━━━ The records ━━━

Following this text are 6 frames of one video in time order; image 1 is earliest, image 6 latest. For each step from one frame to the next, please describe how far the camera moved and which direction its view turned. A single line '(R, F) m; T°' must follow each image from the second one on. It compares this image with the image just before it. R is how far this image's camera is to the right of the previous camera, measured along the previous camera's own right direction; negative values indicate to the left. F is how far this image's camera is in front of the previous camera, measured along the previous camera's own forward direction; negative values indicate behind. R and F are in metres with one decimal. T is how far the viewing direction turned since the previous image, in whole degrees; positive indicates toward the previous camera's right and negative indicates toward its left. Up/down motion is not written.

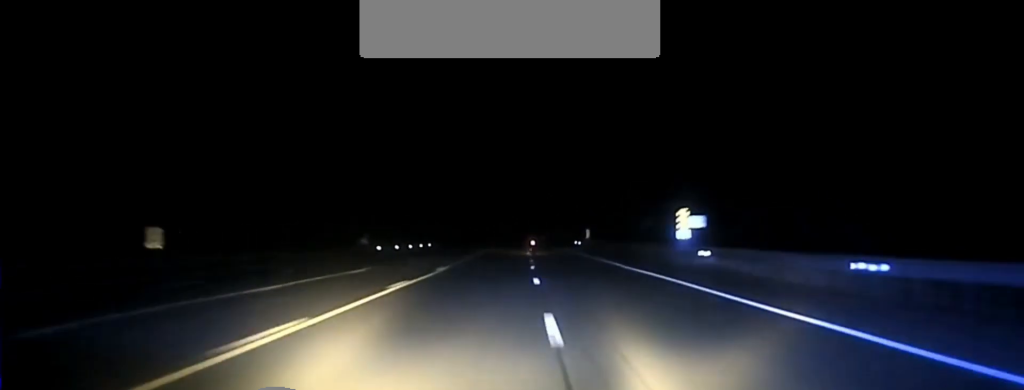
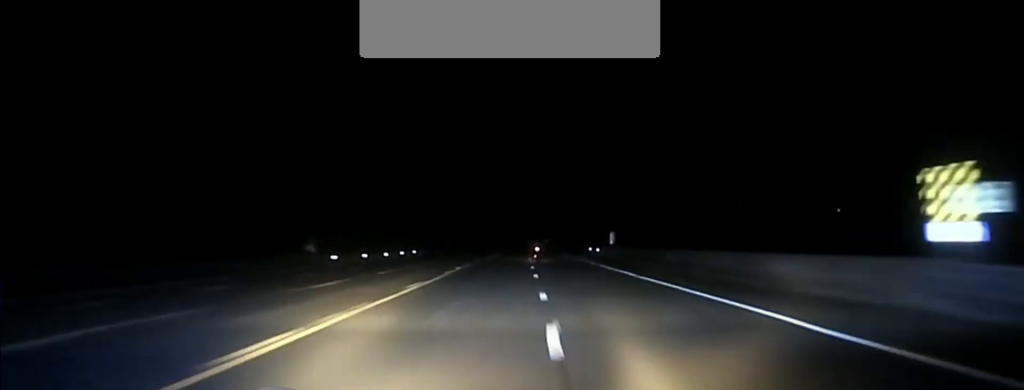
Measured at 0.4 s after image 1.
(0.0, +27.2) m; 0°
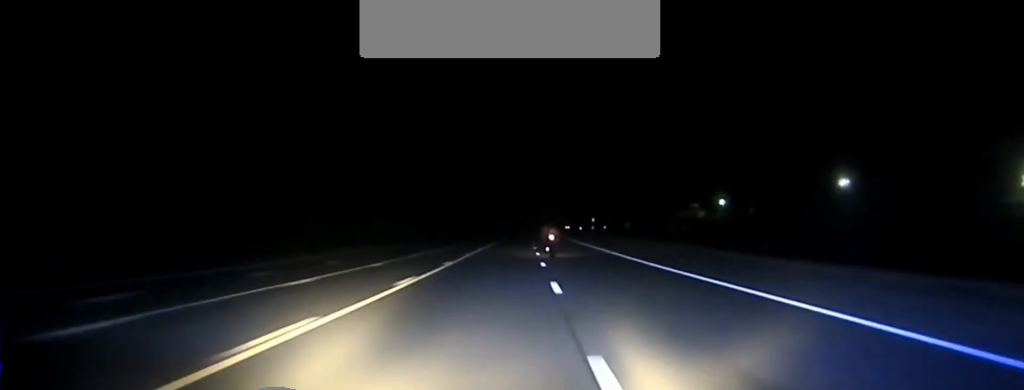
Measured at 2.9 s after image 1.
(-0.1, +138.4) m; 0°
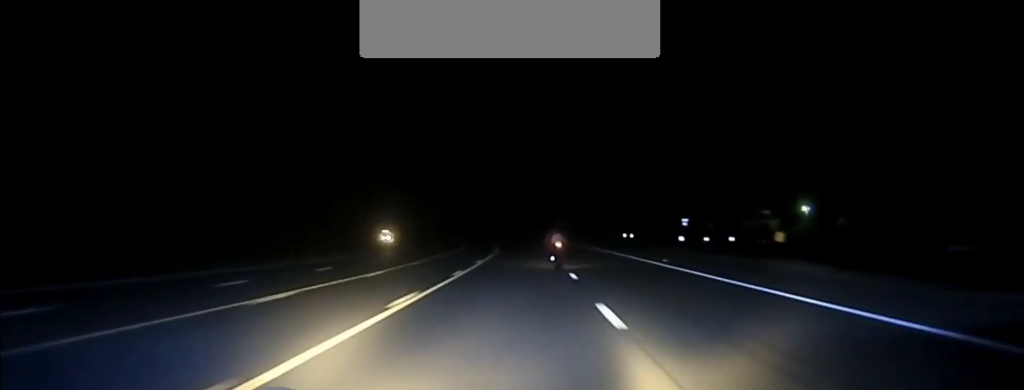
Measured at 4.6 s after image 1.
(-1.1, +88.2) m; -1°
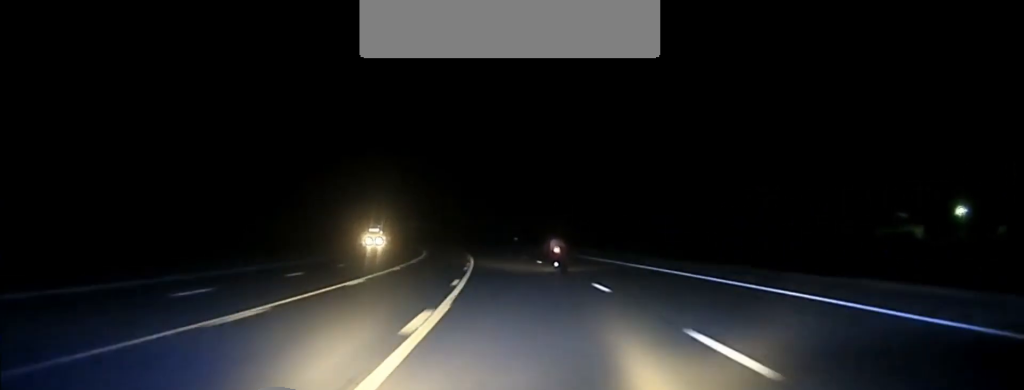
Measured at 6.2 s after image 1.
(0.0, +76.4) m; -3°
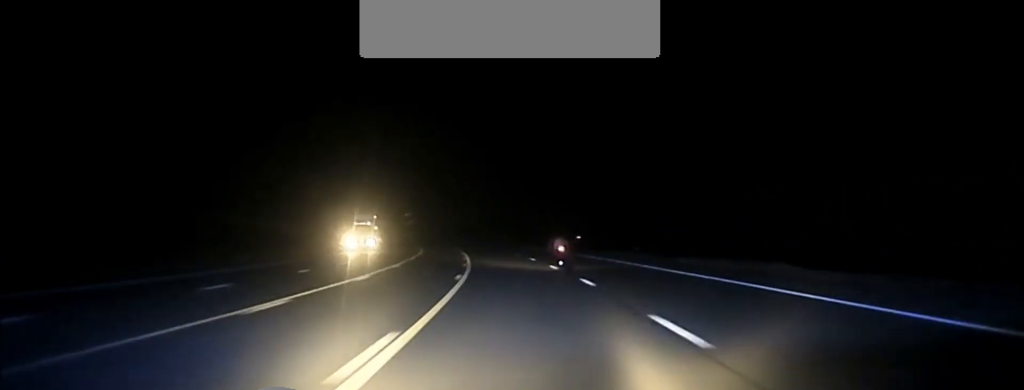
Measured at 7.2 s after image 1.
(-2.2, +45.9) m; -5°

━━━

:: Activity ::
Restate the entire listing word for word, excluding pictures.

:: Problem solution ::
Following this text are 6 frames of one video in time order; image 1 is earliest, image 6 latest. For each step from one frame to the next, please describe how far the camera moved and which direction its view turned. A single line '(R, F) m; T°' must follow each image from the second one on. It compares this image with the image just before it. R is how far this image's camera is to the right of the previous camera, measured along the previous camera's own right direction; negative values indicate to the left. F is how far this image's camera is in front of the previous camera, measured along the previous camera's own forward direction; negative values indicate behind. R and F are in metres with one decimal. T is how far the viewing direction turned since the previous image, in whole degrees; positive indicates toward the previous camera's right and negative indicates toward its left. Up/down motion is not written.

Measured at 0.4 s after image 1.
(0.0, +27.2) m; 0°
Measured at 2.9 s after image 1.
(-0.1, +138.4) m; 0°
Measured at 4.6 s after image 1.
(-1.1, +88.2) m; -1°
Measured at 6.2 s after image 1.
(0.0, +76.4) m; -3°
Measured at 7.2 s after image 1.
(-2.2, +45.9) m; -5°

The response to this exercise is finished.